I've never eaten a chicken killed by a predator, but I've had very few of those. But predators can have some pretty nasty bacteria on their teeth or claws from the meat they otherwise eat. That's what can make certain animal bites or scratches dangerous. I might consider it if the only damage was to the head but probably not. Another possible issue is that it's never a convenient time to butcher anyway when I find them so I've ever really been faced with that decision.

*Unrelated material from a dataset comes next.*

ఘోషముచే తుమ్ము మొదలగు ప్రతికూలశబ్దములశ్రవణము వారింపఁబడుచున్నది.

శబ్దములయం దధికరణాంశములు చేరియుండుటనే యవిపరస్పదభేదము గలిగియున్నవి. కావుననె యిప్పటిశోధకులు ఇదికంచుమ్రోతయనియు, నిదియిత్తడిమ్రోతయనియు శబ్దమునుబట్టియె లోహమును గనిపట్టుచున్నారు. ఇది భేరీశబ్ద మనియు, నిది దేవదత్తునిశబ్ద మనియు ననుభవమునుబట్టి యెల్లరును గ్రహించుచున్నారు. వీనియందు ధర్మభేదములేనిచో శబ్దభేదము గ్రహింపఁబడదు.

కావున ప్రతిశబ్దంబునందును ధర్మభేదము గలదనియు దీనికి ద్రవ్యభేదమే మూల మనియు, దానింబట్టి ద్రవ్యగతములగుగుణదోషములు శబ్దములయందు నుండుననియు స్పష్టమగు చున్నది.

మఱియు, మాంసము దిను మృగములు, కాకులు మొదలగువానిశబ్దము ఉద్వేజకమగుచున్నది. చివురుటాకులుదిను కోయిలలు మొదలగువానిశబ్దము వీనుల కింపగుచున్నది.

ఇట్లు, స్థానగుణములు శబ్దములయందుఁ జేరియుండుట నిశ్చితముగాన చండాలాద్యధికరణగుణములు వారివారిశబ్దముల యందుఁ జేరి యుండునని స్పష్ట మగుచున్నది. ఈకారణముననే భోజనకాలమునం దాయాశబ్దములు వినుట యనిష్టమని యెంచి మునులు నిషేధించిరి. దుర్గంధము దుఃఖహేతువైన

I've never eaten a chicken that died from disease or medical reasons. Again, very few opportunities but I don't keep mine around for old age. Theoretically very few if any chicken diseases are not going to transfer to humans. If you cook them well you're going to disinfect them anyway, the only time of risk might be before you cook them and I think that risk is really small.

It's probably a bad analogy but predators pick off a lot of diseased prey because they can be easier to catch, or they scavenge recently dead animals. Their immune system is probably a lot stronger than ours since they do it often, that's why i think it is a bad analogy.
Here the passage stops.